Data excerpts
+===+
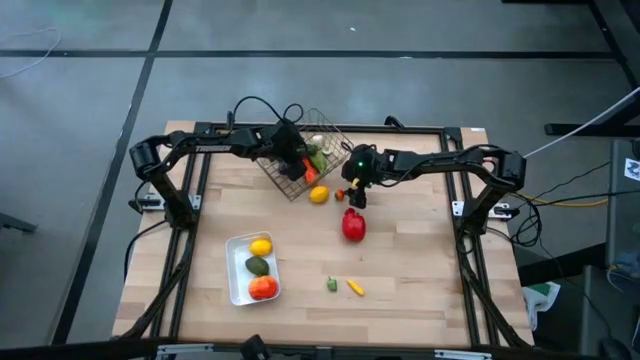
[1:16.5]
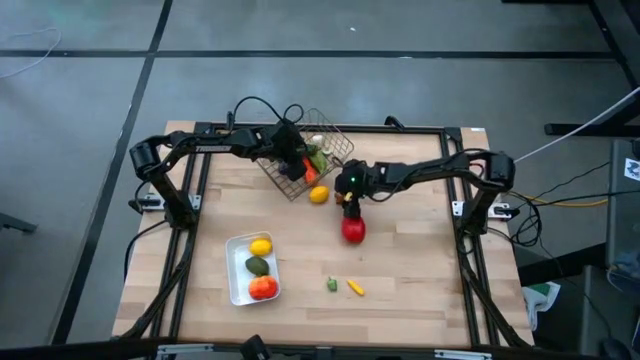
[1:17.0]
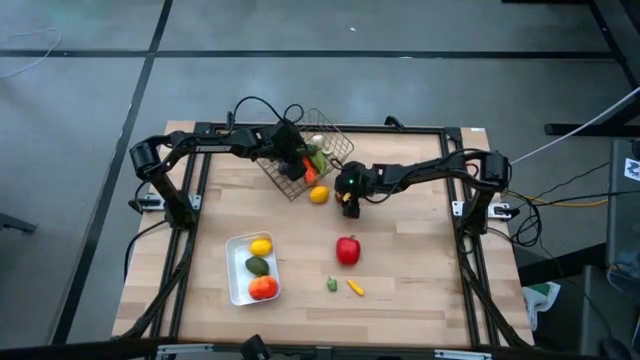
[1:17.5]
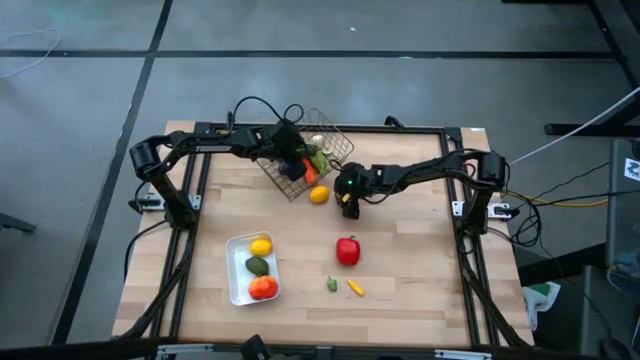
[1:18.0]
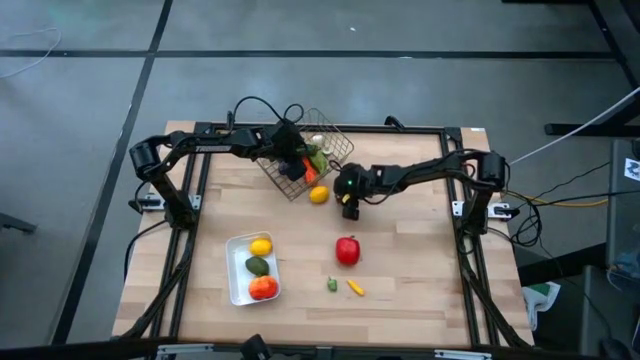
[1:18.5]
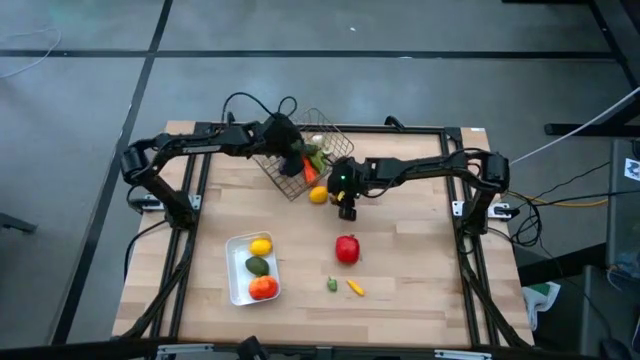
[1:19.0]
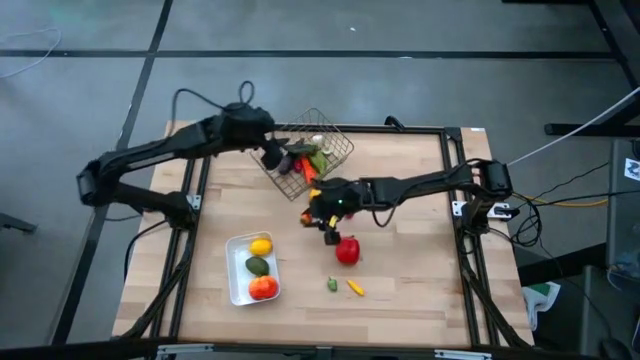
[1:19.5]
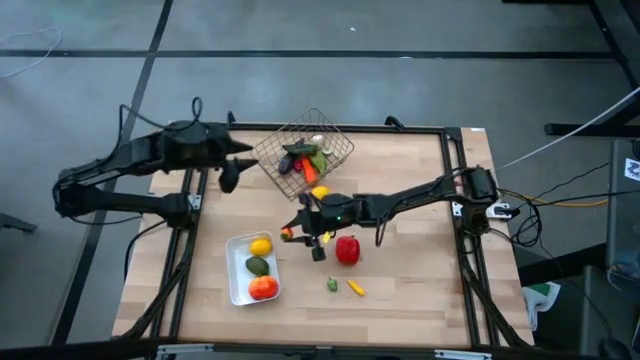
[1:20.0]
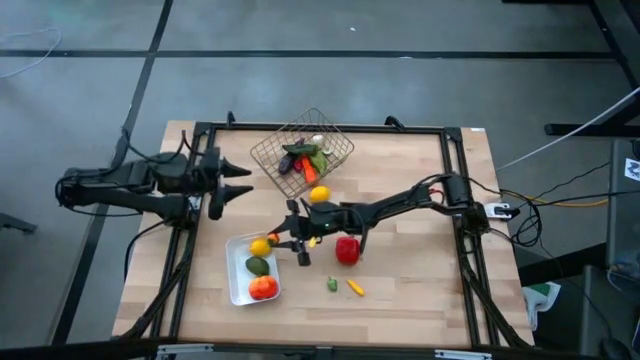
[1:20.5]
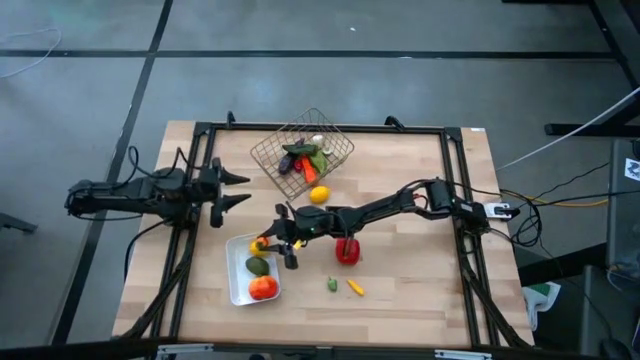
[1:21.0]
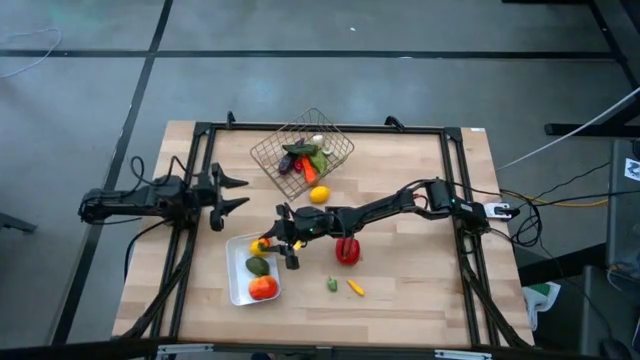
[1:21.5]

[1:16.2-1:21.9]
Task: Sort produce into baskets
Put the small orange persimmon into the white bin
+===+
> WHAT THE TASK REQUIRES: Return each record exactly as given, excluding any image.

> WRITTEN RESPONSE:
[1:16.5]
[1:17.0]
[1:17.5]
[1:18.0]
[1:18.5]
[1:19.0]
[1:19.5]
[1:20.0]
[1:20.5]
[1:21.0]
[1:21.5]

[1:16.2-1:21.9]
Task: Sort produce into baskets
Put the small orange persimmon into the white bin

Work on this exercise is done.